**What you will do:** For this exercise, write out exactly the lines from the line containing "Topology: 1 solids, 1" through the last line of the records, and no other lines.

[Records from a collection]
******************************
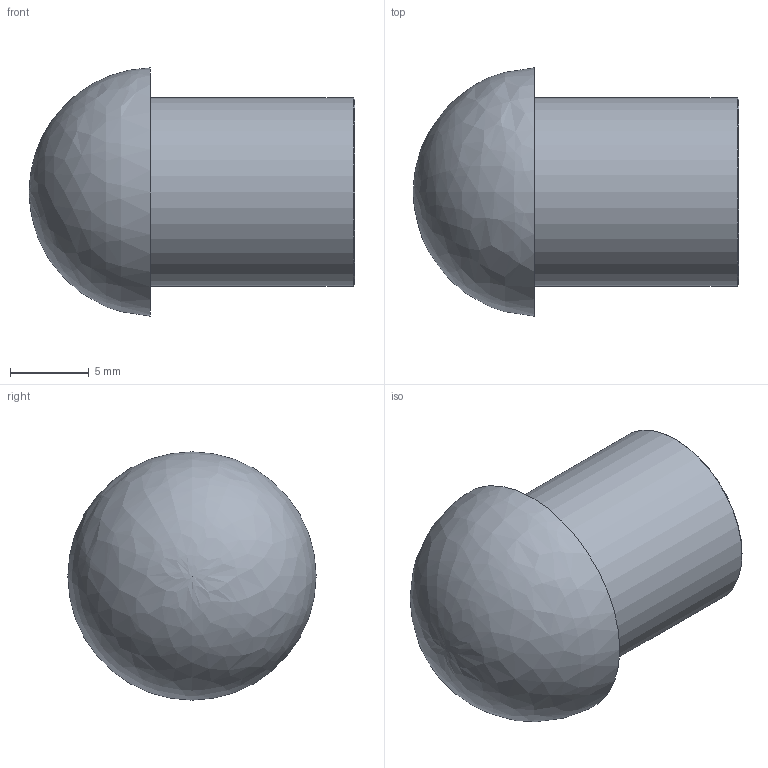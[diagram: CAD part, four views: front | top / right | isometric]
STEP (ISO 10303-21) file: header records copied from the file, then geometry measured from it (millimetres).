
FILE_DESCRIPTION(/* description */ ('Blindstopfen X3 7-12 (7,5-12)'),/* implementation_level */ '2;1');
FILE_NAME(/* name */ '82007520X3-RST.stp',/* time_stamp */ '2021-03-22T13:50:29+01:00',/* author */ ('sl'),/* organization */ (''),/* preprocessor_version */ 'ST-DEVELOPER v16.5',/* originating_system */ 'Autodesk Inventor 2017',/* authorisation */ '');
FILE_SCHEMA (('AUTOMOTIVE_DESIGN { 1 0 10303 214 3 1 1 }'));
Length unit declared in the file: millimetre
Products named in the file (1): 82007520X3
Bounding box: 20.7 x 15.8 x 15.8 mm (x, y, z)
Volume: 1492.9 mm3; surface area: 1477.2 mm2
Topology: 1 solids, 1 shells, 9 faces, 18 edges, 12 vertices
Faces by surface type: plane 3, cylinder 2, bspline 2, cone 1, torus 1
Full cylindrical faces by diameter (mm): 9 x1, 12 x1
Entity records: 306 total; most frequent: CARTESIAN_POINT 91, DIRECTION 38, ORIENTED_EDGE 26, AXIS2_PLACEMENT_3D 19, EDGE_LOOP 15, EDGE_CURVE 13, VERTEX_POINT 12, CIRCLE 11
******************************
**Solution:**
Topology: 1 solids, 1 shells, 9 faces, 18 edges, 12 vertices
Faces by surface type: plane 3, cylinder 2, bspline 2, cone 1, torus 1
Full cylindrical faces by diameter (mm): 9 x1, 12 x1
Entity records: 306 total; most frequent: CARTESIAN_POINT 91, DIRECTION 38, ORIENTED_EDGE 26, AXIS2_PLACEMENT_3D 19, EDGE_LOOP 15, EDGE_CURVE 13, VERTEX_POINT 12, CIRCLE 11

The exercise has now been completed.